Stored dataset items:
******************************
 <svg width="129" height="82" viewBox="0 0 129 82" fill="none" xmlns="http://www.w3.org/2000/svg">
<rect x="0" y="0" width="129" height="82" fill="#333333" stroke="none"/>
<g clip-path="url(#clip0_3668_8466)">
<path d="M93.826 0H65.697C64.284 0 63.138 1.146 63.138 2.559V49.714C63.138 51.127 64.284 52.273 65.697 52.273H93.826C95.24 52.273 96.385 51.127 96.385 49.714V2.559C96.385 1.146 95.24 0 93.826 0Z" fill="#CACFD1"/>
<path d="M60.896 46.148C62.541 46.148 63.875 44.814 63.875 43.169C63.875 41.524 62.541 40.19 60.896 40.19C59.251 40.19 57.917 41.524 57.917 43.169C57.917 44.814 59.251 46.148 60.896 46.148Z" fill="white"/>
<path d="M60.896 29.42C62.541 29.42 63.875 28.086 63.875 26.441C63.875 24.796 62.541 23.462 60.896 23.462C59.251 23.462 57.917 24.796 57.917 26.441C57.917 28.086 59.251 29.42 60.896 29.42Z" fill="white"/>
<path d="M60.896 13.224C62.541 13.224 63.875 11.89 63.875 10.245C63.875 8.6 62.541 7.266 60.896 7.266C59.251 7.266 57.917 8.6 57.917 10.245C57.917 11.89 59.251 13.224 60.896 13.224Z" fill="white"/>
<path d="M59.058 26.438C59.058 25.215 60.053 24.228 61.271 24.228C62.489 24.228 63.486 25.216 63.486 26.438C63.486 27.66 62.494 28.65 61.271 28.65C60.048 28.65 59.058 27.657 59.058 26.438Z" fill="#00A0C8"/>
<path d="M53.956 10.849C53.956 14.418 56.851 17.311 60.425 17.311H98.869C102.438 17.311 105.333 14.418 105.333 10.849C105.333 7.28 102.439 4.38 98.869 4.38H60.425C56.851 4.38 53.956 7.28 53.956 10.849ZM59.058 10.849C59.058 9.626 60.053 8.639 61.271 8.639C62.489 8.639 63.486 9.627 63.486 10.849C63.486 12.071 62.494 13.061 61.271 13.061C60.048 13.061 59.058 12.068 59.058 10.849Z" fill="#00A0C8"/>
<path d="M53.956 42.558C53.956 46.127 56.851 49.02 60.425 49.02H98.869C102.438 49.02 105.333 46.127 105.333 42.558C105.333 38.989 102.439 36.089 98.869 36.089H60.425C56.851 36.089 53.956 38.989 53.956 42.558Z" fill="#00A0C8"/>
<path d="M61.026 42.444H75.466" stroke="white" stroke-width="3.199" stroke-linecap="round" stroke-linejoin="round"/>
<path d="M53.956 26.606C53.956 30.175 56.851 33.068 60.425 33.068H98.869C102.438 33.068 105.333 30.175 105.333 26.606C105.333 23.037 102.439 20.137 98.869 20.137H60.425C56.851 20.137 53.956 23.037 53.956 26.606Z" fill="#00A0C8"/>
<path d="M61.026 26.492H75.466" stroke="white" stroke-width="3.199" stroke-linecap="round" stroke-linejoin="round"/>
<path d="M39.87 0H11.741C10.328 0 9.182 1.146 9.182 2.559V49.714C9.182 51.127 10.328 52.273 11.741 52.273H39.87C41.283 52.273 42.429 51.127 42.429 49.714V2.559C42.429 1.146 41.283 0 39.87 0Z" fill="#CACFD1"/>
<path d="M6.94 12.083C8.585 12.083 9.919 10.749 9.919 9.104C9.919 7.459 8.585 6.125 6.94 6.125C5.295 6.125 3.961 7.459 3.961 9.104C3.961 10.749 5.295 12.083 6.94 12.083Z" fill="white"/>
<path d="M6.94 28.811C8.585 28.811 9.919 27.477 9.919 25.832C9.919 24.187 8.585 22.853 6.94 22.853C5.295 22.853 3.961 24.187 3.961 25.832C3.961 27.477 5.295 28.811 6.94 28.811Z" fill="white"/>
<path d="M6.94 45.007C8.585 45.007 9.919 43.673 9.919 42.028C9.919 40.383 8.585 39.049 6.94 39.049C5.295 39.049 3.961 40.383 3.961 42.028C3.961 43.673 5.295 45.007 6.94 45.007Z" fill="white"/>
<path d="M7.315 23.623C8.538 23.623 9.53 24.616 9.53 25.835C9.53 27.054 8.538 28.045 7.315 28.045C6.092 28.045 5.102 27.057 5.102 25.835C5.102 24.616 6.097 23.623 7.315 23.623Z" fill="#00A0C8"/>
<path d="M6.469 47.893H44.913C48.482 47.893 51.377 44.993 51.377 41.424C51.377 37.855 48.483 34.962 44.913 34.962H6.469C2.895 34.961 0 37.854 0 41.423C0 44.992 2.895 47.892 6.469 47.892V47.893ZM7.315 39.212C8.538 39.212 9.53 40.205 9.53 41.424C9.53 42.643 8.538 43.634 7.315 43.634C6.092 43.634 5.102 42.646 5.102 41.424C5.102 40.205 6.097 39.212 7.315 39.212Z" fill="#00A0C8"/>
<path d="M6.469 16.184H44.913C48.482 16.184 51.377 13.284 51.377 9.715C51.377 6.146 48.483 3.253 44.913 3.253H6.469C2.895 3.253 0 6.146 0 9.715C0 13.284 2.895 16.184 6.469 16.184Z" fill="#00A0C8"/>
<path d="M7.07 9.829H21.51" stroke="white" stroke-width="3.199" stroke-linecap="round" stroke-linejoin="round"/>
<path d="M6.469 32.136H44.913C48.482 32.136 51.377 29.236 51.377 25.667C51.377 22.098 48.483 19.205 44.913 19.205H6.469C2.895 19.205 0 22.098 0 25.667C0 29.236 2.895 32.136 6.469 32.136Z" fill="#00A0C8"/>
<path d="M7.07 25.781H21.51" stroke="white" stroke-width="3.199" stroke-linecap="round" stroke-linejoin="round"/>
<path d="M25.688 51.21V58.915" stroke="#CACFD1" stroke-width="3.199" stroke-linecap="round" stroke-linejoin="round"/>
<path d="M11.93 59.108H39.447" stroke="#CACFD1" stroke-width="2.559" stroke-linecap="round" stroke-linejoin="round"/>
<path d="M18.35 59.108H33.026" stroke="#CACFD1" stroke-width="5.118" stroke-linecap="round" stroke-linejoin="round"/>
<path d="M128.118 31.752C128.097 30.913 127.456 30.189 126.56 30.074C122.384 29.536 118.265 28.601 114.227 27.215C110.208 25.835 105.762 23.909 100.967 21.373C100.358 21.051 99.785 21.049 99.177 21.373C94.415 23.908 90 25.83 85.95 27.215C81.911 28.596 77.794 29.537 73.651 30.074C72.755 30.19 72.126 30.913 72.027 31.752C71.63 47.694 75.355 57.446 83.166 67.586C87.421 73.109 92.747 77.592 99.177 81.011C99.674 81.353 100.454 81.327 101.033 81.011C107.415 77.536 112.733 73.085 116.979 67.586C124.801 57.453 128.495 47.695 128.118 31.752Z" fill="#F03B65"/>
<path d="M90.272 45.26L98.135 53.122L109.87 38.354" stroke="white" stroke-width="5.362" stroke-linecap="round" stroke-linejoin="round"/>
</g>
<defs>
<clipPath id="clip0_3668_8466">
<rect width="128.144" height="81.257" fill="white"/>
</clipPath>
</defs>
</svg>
******************************
YOUR ASSIGNMENT: Beginning at the first line of the data above, retype each line until you reach the line containing "26.438C59.058 25.215 60.053", and include that one too. Add nothing else.

ANSWER SECTION:
 <svg width="129" height="82" viewBox="0 0 129 82" fill="none" xmlns="http://www.w3.org/2000/svg">
<rect x="0" y="0" width="129" height="82" fill="#333333" stroke="none"/>
<g clip-path="url(#clip0_3668_8466)">
<path d="M93.826 0H65.697C64.284 0 63.138 1.146 63.138 2.559V49.714C63.138 51.127 64.284 52.273 65.697 52.273H93.826C95.24 52.273 96.385 51.127 96.385 49.714V2.559C96.385 1.146 95.24 0 93.826 0Z" fill="#CACFD1"/>
<path d="M60.896 46.148C62.541 46.148 63.875 44.814 63.875 43.169C63.875 41.524 62.541 40.19 60.896 40.19C59.251 40.19 57.917 41.524 57.917 43.169C57.917 44.814 59.251 46.148 60.896 46.148Z" fill="white"/>
<path d="M60.896 29.42C62.541 29.42 63.875 28.086 63.875 26.441C63.875 24.796 62.541 23.462 60.896 23.462C59.251 23.462 57.917 24.796 57.917 26.441C57.917 28.086 59.251 29.42 60.896 29.42Z" fill="white"/>
<path d="M60.896 13.224C62.541 13.224 63.875 11.89 63.875 10.245C63.875 8.6 62.541 7.266 60.896 7.266C59.251 7.266 57.917 8.6 57.917 10.245C57.917 11.89 59.251 13.224 60.896 13.224Z" fill="white"/>
<path d="M59.058 26.438C59.058 25.215 60.053 24.228 61.271 24.228C62.489 24.228 63.486 25.216 63.486 26.438C63.486 27.66 62.494 28.65 61.271 28.65C60.048 28.65 59.058 27.657 59.058 26.438Z" fill="#00A0C8"/>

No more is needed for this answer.